We have developed a genetic algorithm for building macromolecular complexes using only a 3D-electron microscopy density map and the atomic structures of the relevant components. For efficient sampling the method uses map feature points calculated by vector quantization. The fitness function combines a mutual information score that quantifies the goodness of fit with a penalty score that helps to avoid clashes between components. Testing the method on ten assemblies (containing 3-8 protein components) and simulated density maps at 10, 15, and 20 Å resolution resulted in identification of the correct topology in 90%, 70%, and 60% of the cases, respectively. We further tested it on four assemblies with experimental maps at 7.2-23.5 Å resolution, showing the ability of the method to identify the correct topology in all cases. We have also demonstrated the importance of the map feature-point quality on assembly fitting in the lack of additional experimental information.
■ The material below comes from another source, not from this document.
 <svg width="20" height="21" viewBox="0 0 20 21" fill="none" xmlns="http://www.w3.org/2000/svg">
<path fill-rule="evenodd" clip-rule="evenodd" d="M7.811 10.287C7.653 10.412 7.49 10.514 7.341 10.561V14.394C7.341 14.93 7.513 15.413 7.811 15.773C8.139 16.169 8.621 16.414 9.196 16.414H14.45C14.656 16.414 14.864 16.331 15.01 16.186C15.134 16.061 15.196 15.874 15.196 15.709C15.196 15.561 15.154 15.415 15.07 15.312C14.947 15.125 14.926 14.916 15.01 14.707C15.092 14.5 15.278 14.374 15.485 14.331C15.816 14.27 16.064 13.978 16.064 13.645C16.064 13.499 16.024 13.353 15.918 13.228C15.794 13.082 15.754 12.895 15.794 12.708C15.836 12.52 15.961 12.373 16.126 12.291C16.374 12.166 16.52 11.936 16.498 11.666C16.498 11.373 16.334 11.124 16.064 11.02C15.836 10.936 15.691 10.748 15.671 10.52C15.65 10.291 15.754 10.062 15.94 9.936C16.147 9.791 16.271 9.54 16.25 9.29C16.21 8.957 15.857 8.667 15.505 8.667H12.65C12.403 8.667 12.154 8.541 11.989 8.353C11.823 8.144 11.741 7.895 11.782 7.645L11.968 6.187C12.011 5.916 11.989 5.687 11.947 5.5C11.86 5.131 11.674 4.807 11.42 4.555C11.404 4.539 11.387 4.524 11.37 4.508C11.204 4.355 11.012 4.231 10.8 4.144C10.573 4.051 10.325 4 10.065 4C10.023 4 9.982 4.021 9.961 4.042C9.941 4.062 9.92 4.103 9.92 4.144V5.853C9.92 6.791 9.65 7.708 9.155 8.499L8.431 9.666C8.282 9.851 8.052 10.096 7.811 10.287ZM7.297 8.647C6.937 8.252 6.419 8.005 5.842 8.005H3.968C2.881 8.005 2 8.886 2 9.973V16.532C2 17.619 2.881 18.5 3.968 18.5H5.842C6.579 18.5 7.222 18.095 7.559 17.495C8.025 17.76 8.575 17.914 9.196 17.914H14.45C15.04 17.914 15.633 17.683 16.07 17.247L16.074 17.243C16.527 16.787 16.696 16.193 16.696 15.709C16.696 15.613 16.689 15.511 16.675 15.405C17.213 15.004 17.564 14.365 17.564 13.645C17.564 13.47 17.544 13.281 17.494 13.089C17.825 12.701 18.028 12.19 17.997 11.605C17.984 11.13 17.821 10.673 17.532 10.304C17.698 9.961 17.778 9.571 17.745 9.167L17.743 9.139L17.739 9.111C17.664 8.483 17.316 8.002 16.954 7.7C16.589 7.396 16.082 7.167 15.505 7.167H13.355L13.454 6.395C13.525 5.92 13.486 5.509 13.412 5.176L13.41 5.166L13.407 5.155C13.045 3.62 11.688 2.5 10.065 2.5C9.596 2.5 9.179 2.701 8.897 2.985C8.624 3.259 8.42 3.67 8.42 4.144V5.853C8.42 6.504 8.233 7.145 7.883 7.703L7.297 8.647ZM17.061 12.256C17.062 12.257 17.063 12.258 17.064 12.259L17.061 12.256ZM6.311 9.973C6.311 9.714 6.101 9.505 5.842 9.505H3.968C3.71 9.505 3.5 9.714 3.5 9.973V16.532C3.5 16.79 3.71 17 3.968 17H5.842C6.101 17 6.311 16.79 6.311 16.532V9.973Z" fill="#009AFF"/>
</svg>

TEMPy: a Python library for assessment of three-dimensional electron microscopy density fits.

Three-dimensional electron microscopy is currently one of the most promising techniques used to study macromolecular assemblies. Rigid and flexible fitting of atomic models into density maps is often essential to gain further insights into the assemblies they represent. Currently, tools that facilitate the assessment of fitted atomic models and maps are needed. TEMPy (template and electron microscopy comparison using Python) is a toolkit designed for this purpose. The library includes a set of methods to assess density fits in intermediate-to-low resolution maps, both globally and locally. It also provides procedures for single-fit assessment, ensemble generation of fits, clustering, and multiple and consensus scoring, as well as plots and output files for visualization purposes to help the user in analysing rigid and flexible fits. The modular nature of TEMPy helps the integration of scoring and assessment of fits into large pipelines, making it a tool suitable for both novice and expert structural biologists.

Conformational States of macromolecular assemblies explored by integrative structure calculation.

A detailed description of macromolecular assemblies in multiple conformational states can be very valuable for understanding cellular processes. At present, structural determination of most assemblies in different biologically relevant conformations cannot be achieved by a single technique and thus requires an integrative approach that combines information from multiple sources. Different techniques require different computational methods to allow efficient and accurate data processing and analysis. Here, we summarize the latest advances and future challenges in computational methods that help the interpretation of data from two techniques-mass spectrometry and three-dimensional cryo-electron microscopy (with focus on alignment and classification of heterogeneous subtomograms from cryo-electron tomography). We evaluate how new developments in these two broad fields will lead to further integration with atomic structures to broaden our picture of the dynamic behavior of assemblies in their native environment.